> _About this task_
Pull each line containing "class" from the data.

> _Material provided_
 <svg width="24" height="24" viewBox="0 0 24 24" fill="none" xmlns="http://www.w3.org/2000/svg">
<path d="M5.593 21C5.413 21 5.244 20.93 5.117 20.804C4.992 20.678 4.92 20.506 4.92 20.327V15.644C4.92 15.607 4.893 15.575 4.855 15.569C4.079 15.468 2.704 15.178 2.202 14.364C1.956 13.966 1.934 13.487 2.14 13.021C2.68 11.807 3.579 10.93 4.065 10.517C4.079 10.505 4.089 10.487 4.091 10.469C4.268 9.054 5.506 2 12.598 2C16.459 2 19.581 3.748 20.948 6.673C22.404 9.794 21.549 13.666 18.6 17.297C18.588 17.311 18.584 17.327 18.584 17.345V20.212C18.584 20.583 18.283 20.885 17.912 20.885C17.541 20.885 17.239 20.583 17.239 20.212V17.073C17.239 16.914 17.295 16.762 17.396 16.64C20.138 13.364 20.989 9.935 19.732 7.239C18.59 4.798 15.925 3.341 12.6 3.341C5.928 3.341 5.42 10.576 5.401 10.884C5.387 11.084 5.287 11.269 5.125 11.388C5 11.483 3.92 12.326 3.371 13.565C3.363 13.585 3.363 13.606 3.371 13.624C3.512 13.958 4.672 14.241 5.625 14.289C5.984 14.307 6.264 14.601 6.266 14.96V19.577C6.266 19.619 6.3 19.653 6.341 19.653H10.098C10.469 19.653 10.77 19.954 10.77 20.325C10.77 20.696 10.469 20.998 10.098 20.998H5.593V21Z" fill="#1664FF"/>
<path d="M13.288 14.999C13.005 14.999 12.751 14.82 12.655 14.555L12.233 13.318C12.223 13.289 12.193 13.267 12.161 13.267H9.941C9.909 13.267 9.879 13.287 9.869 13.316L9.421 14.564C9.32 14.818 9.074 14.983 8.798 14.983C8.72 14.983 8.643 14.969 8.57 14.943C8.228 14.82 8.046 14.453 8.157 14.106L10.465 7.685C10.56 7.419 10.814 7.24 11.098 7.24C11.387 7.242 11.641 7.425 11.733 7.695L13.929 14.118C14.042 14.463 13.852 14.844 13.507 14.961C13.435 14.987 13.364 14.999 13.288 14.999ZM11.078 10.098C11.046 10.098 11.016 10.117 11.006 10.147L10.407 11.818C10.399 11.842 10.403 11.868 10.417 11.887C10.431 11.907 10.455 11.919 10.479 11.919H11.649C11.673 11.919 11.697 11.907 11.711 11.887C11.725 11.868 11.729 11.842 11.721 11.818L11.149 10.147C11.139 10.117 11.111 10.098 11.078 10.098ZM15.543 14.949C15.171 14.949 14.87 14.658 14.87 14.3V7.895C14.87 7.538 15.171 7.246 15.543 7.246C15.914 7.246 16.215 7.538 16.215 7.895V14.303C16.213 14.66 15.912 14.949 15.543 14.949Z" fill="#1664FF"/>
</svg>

==

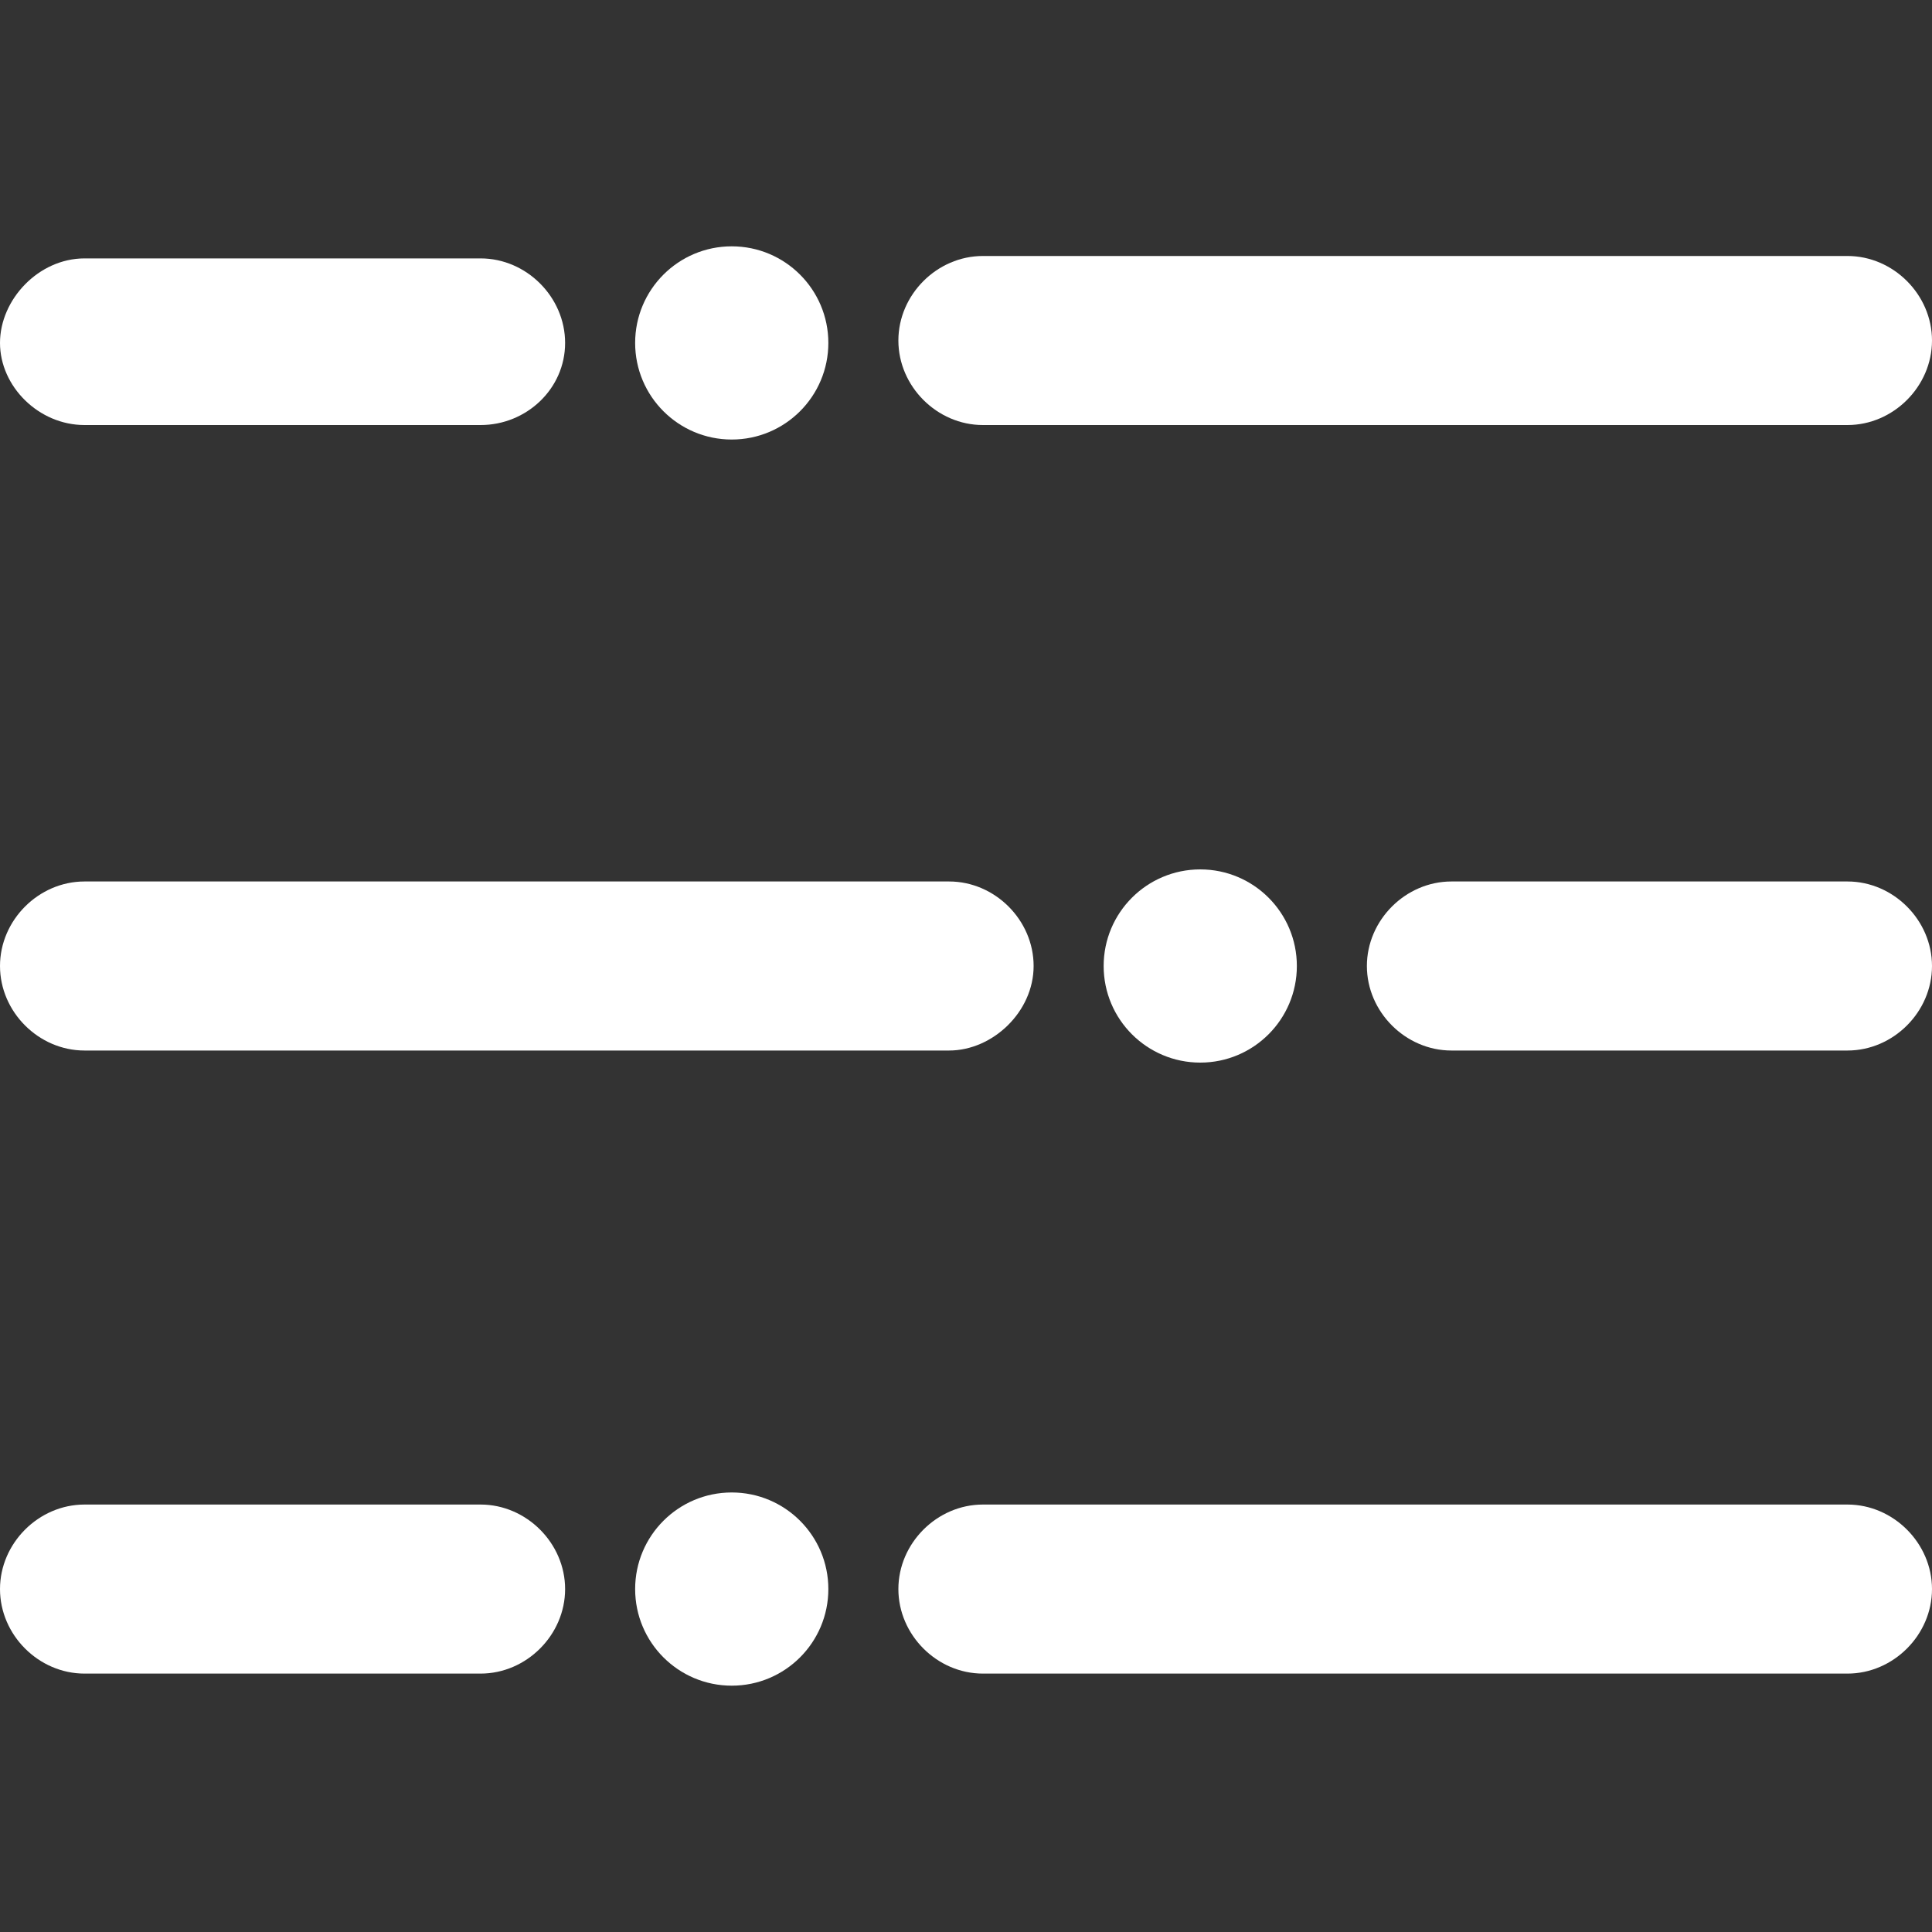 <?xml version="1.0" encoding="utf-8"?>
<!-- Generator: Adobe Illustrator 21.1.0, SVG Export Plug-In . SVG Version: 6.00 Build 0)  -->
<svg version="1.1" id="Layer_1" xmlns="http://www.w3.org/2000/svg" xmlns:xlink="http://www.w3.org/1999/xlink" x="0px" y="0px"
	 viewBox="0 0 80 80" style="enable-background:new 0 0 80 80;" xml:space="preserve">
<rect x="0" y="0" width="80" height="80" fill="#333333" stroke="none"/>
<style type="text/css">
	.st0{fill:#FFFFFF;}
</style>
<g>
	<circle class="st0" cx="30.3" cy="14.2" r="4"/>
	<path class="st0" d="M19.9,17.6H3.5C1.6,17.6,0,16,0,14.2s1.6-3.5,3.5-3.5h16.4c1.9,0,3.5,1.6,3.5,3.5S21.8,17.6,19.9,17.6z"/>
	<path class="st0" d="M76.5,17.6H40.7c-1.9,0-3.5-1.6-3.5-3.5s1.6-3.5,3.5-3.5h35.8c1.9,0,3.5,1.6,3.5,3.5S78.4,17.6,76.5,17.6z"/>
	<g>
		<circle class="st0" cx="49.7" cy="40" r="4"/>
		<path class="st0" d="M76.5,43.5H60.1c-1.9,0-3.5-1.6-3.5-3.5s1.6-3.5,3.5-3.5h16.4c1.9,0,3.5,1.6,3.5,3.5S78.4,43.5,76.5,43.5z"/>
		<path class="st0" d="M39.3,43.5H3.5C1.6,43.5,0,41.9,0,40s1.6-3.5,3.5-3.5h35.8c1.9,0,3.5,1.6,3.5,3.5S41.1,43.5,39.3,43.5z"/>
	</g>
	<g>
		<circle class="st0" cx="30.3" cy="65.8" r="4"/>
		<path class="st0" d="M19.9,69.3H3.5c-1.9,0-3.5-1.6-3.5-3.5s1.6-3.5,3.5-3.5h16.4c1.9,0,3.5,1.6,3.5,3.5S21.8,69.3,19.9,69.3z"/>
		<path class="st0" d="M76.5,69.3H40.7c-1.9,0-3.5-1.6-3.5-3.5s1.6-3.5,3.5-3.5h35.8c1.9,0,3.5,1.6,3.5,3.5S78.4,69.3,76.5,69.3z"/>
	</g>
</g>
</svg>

...

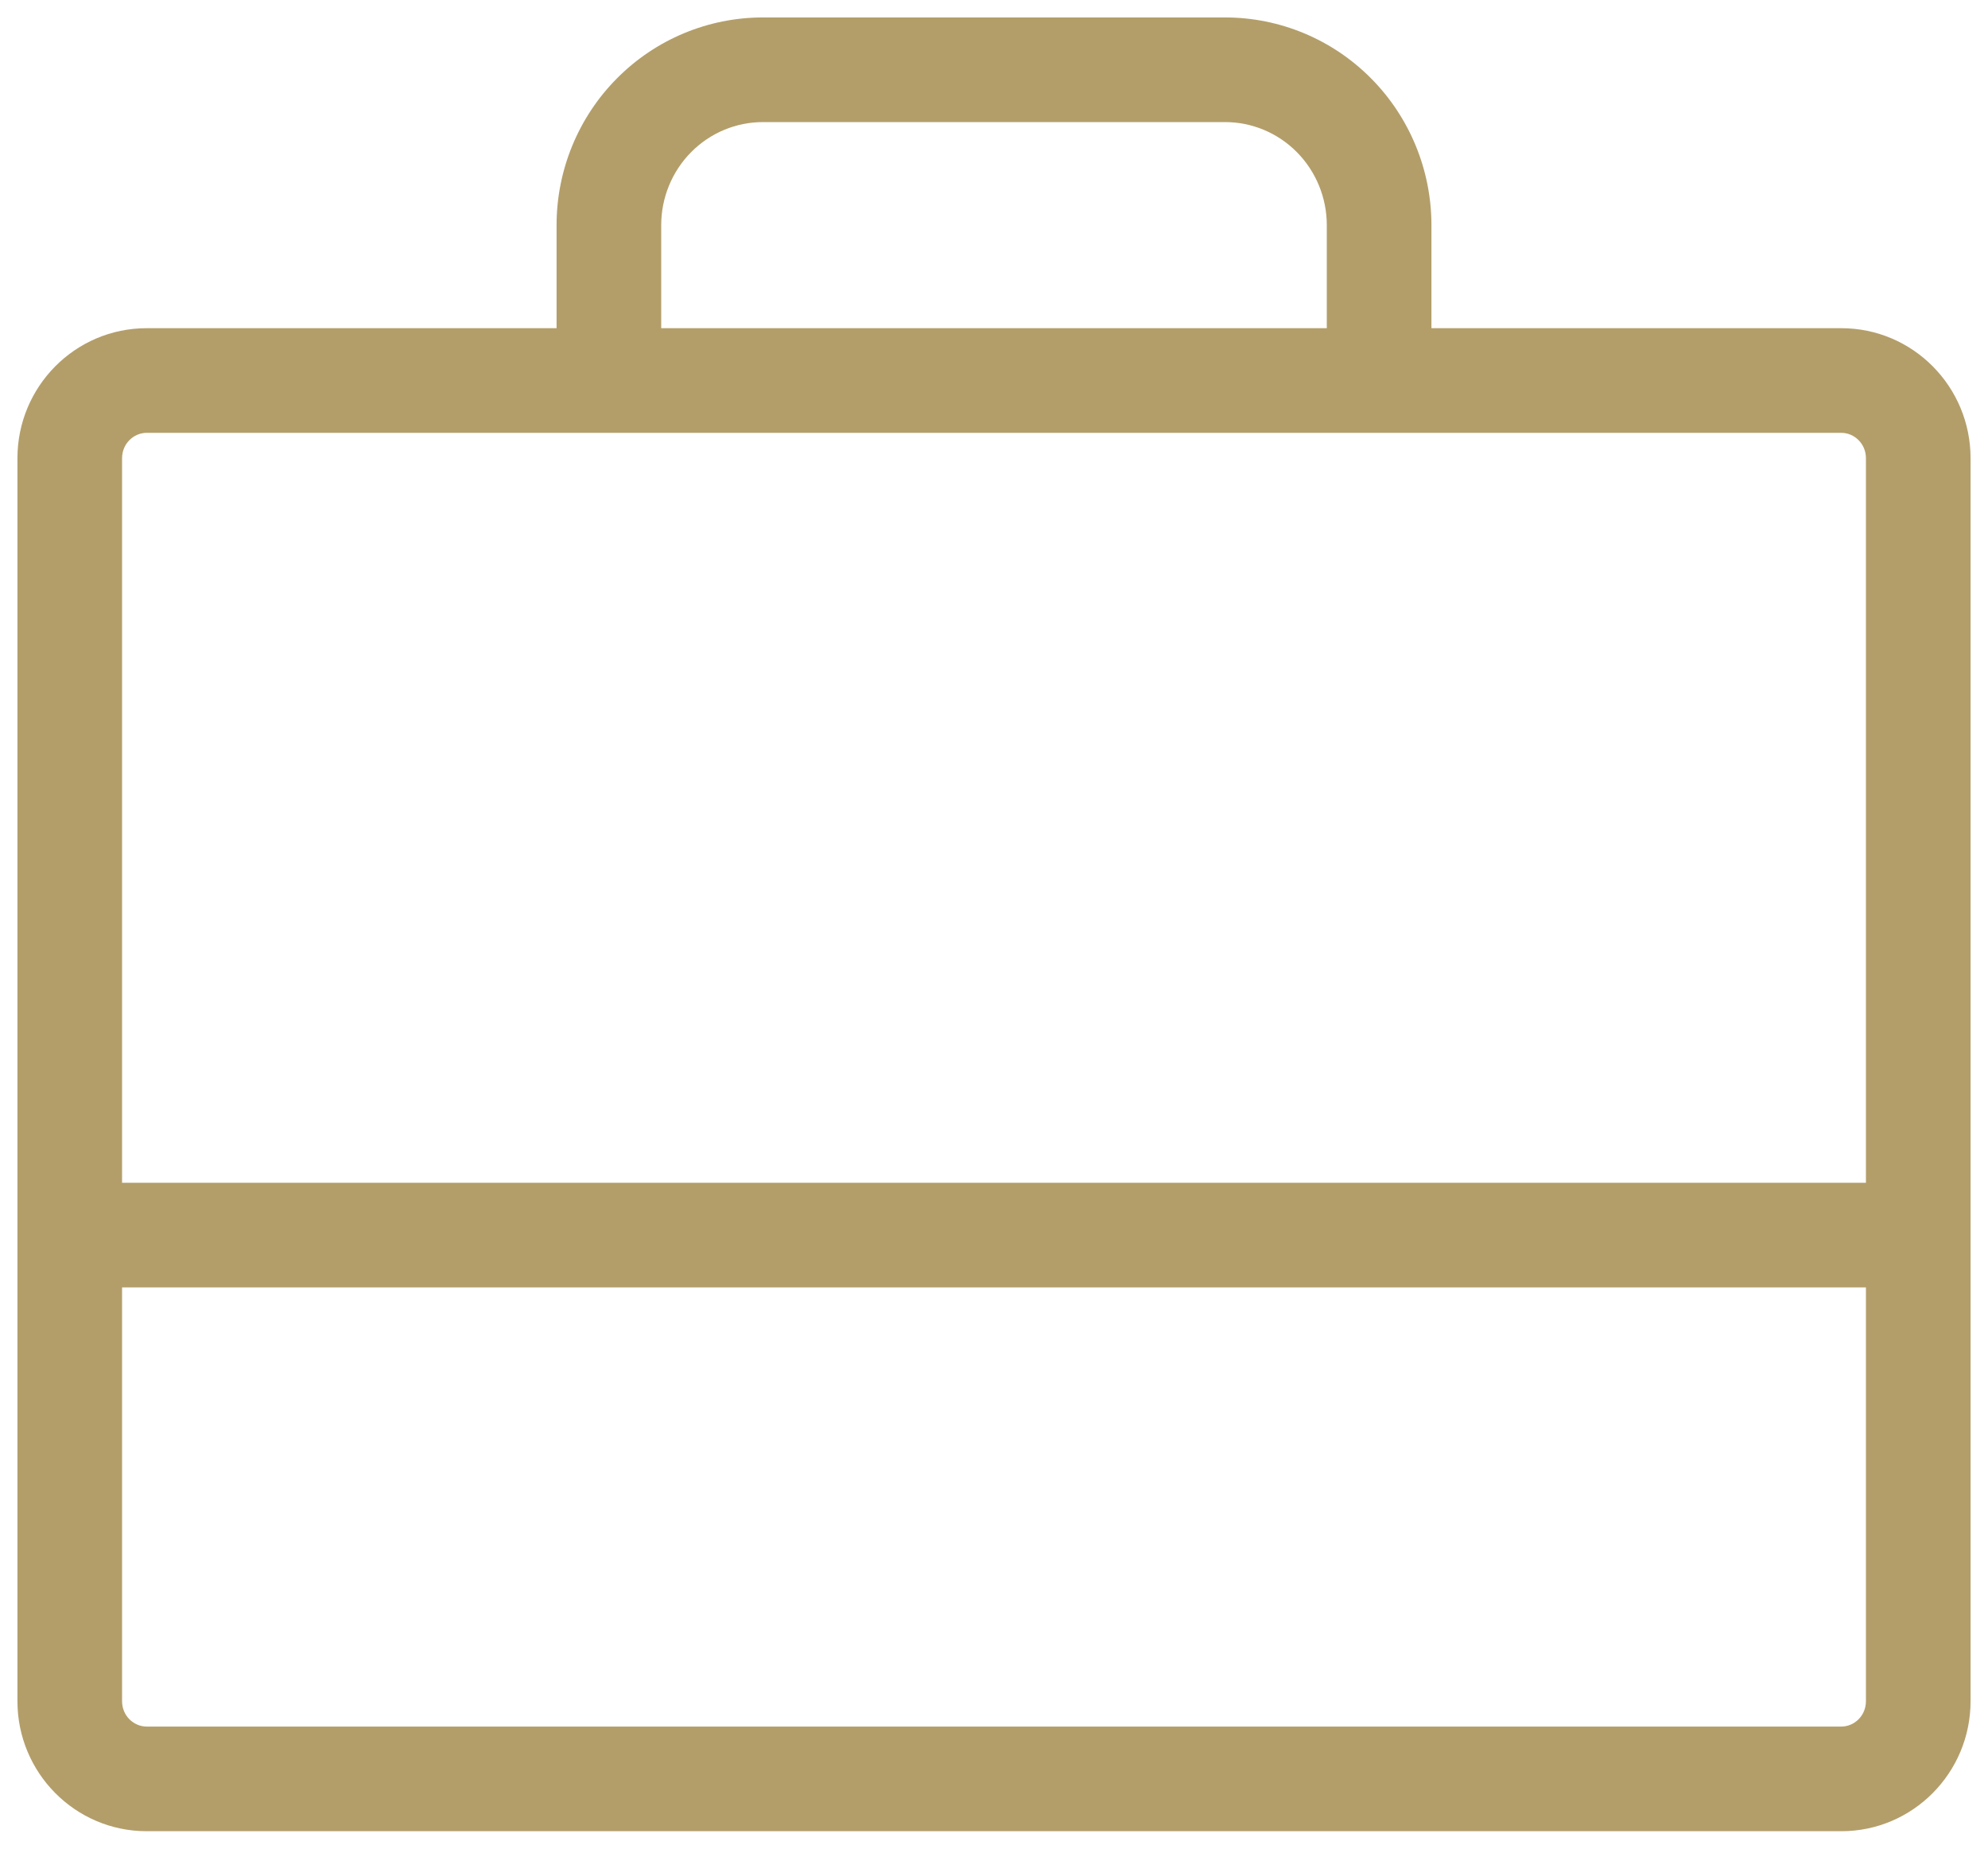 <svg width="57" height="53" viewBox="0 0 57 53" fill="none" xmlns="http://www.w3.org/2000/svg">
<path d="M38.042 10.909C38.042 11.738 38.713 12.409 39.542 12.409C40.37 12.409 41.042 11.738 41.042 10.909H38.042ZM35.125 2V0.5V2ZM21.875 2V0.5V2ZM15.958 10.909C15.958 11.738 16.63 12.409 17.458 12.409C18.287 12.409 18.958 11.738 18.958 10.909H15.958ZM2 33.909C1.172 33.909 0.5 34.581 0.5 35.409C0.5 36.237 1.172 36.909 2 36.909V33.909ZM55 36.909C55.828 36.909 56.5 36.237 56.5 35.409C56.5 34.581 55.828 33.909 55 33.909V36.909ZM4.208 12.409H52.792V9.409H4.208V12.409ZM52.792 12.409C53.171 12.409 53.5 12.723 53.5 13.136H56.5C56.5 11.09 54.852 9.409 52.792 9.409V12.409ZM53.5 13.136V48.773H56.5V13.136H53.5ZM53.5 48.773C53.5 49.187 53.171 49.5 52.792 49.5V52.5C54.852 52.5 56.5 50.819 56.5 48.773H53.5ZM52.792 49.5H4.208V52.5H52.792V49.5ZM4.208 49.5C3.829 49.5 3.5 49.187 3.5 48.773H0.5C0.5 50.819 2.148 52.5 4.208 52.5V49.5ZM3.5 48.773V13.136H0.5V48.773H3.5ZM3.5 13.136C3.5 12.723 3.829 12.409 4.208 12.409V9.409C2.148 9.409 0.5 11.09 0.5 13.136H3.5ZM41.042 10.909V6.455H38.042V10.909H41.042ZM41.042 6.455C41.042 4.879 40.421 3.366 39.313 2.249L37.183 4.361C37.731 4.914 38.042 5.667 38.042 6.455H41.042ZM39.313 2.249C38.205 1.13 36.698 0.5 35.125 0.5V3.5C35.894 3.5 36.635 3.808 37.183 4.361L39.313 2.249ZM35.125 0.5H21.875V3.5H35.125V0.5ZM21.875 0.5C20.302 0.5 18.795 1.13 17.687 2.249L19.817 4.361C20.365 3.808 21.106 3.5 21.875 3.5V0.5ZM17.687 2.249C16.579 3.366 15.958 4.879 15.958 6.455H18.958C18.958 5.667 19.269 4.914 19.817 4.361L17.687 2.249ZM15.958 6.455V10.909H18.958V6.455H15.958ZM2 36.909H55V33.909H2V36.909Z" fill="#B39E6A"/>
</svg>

> _Completed task_
	<circle class="st0" cx="30.3" cy="14.2" r="4"/>
	<path class="st0" d="M19.9,17.6H3.5C1.6,17.6,0,16,0,14.2s1.6-3.5,3.5-3.5h16.4c1.9,0,3.5,1.6,3.5,3.5S21.8,17.6,19.9,17.6z"/>
	<path class="st0" d="M76.5,17.6H40.7c-1.9,0-3.5-1.6-3.5-3.5s1.6-3.5,3.5-3.5h35.8c1.9,0,3.5,1.6,3.5,3.5S78.4,17.6,76.5,17.6z"/>
		<circle class="st0" cx="49.7" cy="40" r="4"/>
		<path class="st0" d="M76.5,43.5H60.1c-1.9,0-3.5-1.6-3.5-3.5s1.6-3.5,3.5-3.5h16.4c1.9,0,3.5,1.6,3.5,3.5S78.4,43.5,76.5,43.5z"/>
		<path class="st0" d="M39.3,43.5H3.5C1.6,43.5,0,41.9,0,40s1.6-3.5,3.5-3.5h35.8c1.9,0,3.5,1.6,3.5,3.5S41.1,43.5,39.3,43.5z"/>
		<circle class="st0" cx="30.3" cy="65.8" r="4"/>
		<path class="st0" d="M19.9,69.3H3.5c-1.9,0-3.5-1.6-3.5-3.5s1.6-3.5,3.5-3.5h16.4c1.9,0,3.5,1.6,3.5,3.5S21.8,69.3,19.9,69.3z"/>
		<path class="st0" d="M76.5,69.3H40.7c-1.9,0-3.5-1.6-3.5-3.5s1.6-3.5,3.5-3.5h35.8c1.9,0,3.5,1.6,3.5,3.5S78.4,69.3,76.5,69.3z"/>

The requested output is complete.